ROOT-001 | ledger items: FB-001, FB-004 | files | fix approach | tests | docs | risk

Do not make scope decisions yourself. If the right fix depends on product intent or compatibility policy, mark the item NEEDS_USER_DECISION and ask.

Implementation Rules

Patch only confirmed or partial items, plus required tests/docs.
Do not implement speculative cleanup while feedback remains unclosed.
Never ship unwired code. Any new command, tool, skill, config, docs surface, or generated artifact must be fully registered and validated.
Never defer work or declare it out of scope without explicit user instruction.
Keep invalid or disproved findings in the closure ledger with the evidence.
For CI failures, verify the failing job belongs to the current PR head before treating it as current evidence.
For generated output or dist failures, inspect the failing log before rebuilding and commit regenerated files only when the PR touches the source surface.
When main has a merge queue enabled, do not rebase or force-push a PR only because main advanced. Once required checks and review are green, queue the PR and let the merge queue perform final current-base validation. Still resolve real merge conflicts and SHA-dependent review threads before queuing.

Validation

Run targeted validation for every changed surface:

exact failing CI/test command when reproducing a failure,
tests for changed behavior or newly covered gaps,
lint/format/typecheck/build where relevant,
git diff --check,
PR metadata checks after push: head SHA, check status, mergeability/conflicts, and unresolved feedback state.
After conflict fixes, verify remote mergeability is clean (MERGEABLE / CLEAN), not only that local conflict markers disappeared.
For current-head CI, prefer run-level details when PR checks look stale: gh run view <run-id> --json headSha,status,conclusion,jobs,url.

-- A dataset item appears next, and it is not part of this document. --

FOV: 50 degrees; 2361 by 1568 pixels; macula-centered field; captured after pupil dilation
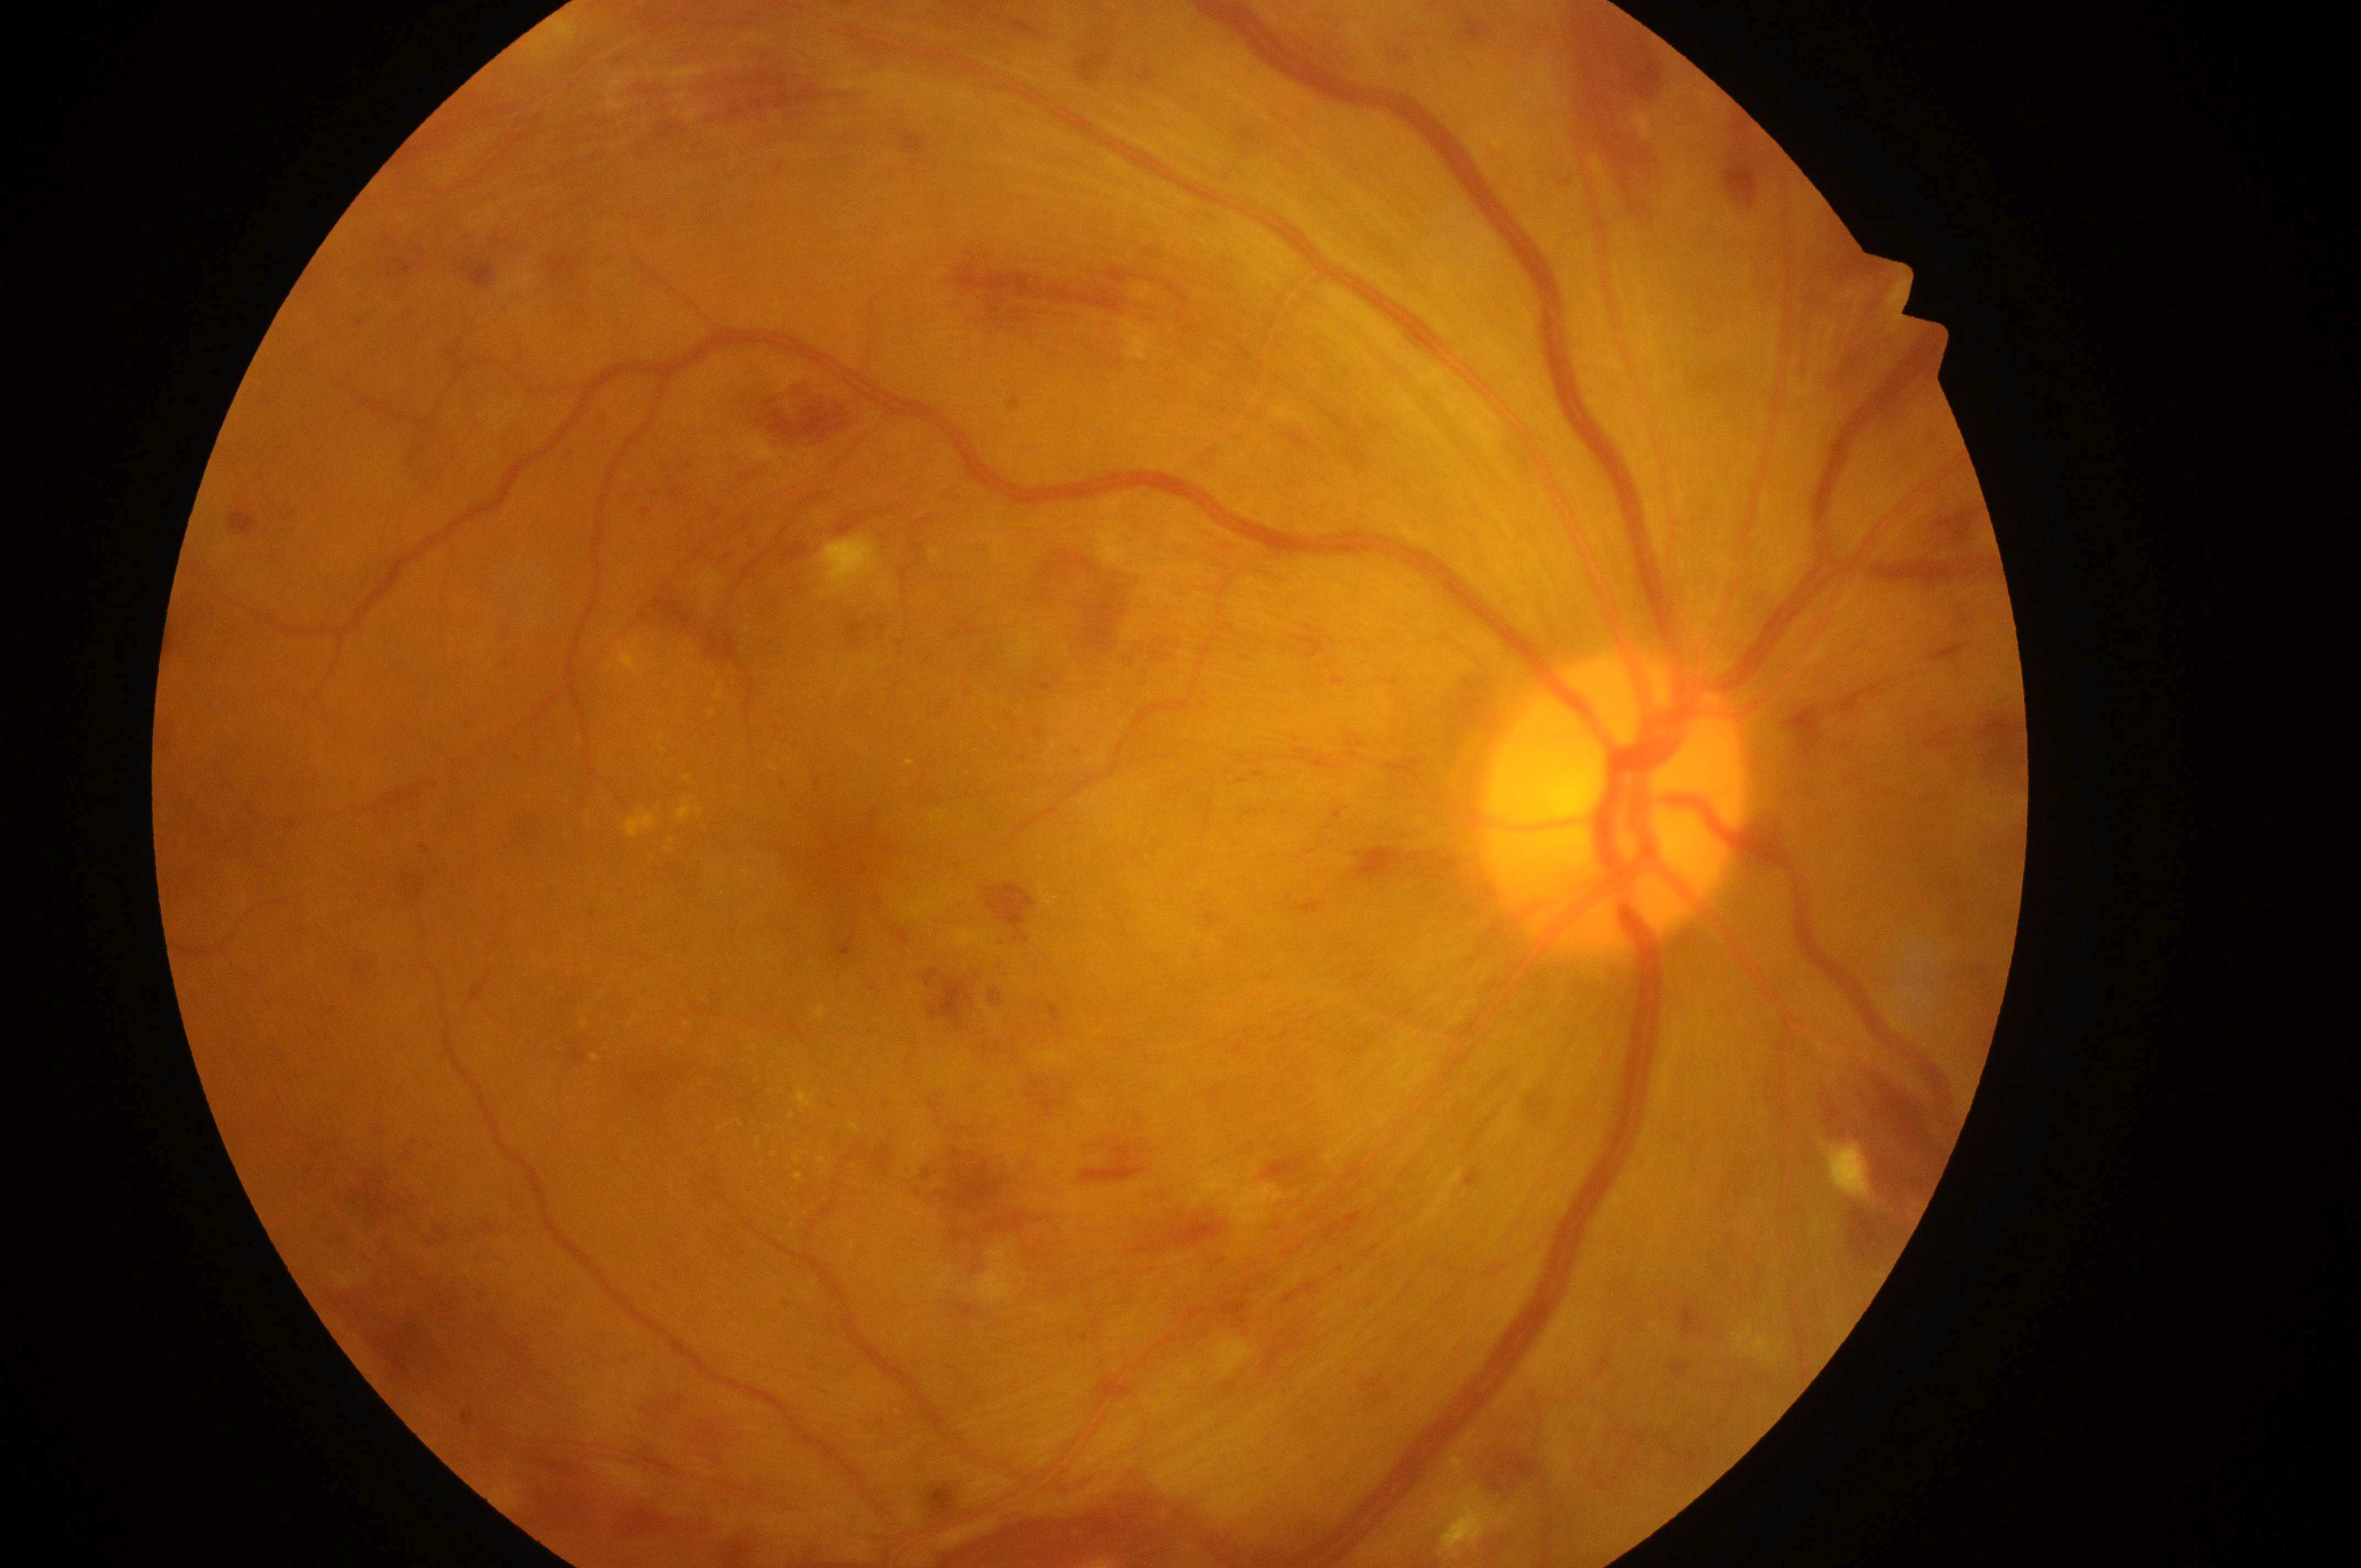
Diabetic retinopathy: severe NPDR (grade 3) — more than 20 intraretinal hemorrhages in each of 4 quadrants, definite venous beading in 2 or more quadrants, or prominent intraretinal microvascular abnormalities in 1 or more quadrants, with no signs of proliferative retinopathy. Fovea: (x=850, y=866). Optic nerve head located at (x=1609, y=814). The retinopathy is classified as non-proliferative diabetic retinopathy. Risk of macular edema is grade 2 (high risk) — hard exudates within one disc diameter of the macula center. Eye: OD.

If a validation failure is suspected pre-existing, prove it on the base branch or label it UNVERIFIED. Do not call the branch green while required checks are non-green.

Publishing And Communication

After fixes, update the PR body or comment with a closure ledger:

FB-001 | fixed | commit/test evidence
FB-002 | disproved | code evidence
FB-003 | pre-existing | base-branch evidence
FB-004 | needs user decision | decision required
FB-005 | needs more evidence | .swarm/evidence/phase-council.json missing
CONFLICT-001 | fixed | remote mergeability is MERGEABLE/CLEAN
CI-001 | fixed | current-head check/run evidence

Do not resolve GitHub review threads unless explicitly instructed. If instructed, resolve only threads whose ledger item is fixed or disproved on the pushed PR head, and record the exact evidence used.

Final Output

Report:

intake sources checked and unavailable sources,
ledger counts by status,
root-cause clusters fixed,
tests and commands run,
unresolved user decisions,
CI/mergeability state,
whether review-thread resolution was skipped or explicitly performed.

End with a complete ledger mapping every original item to its outcome.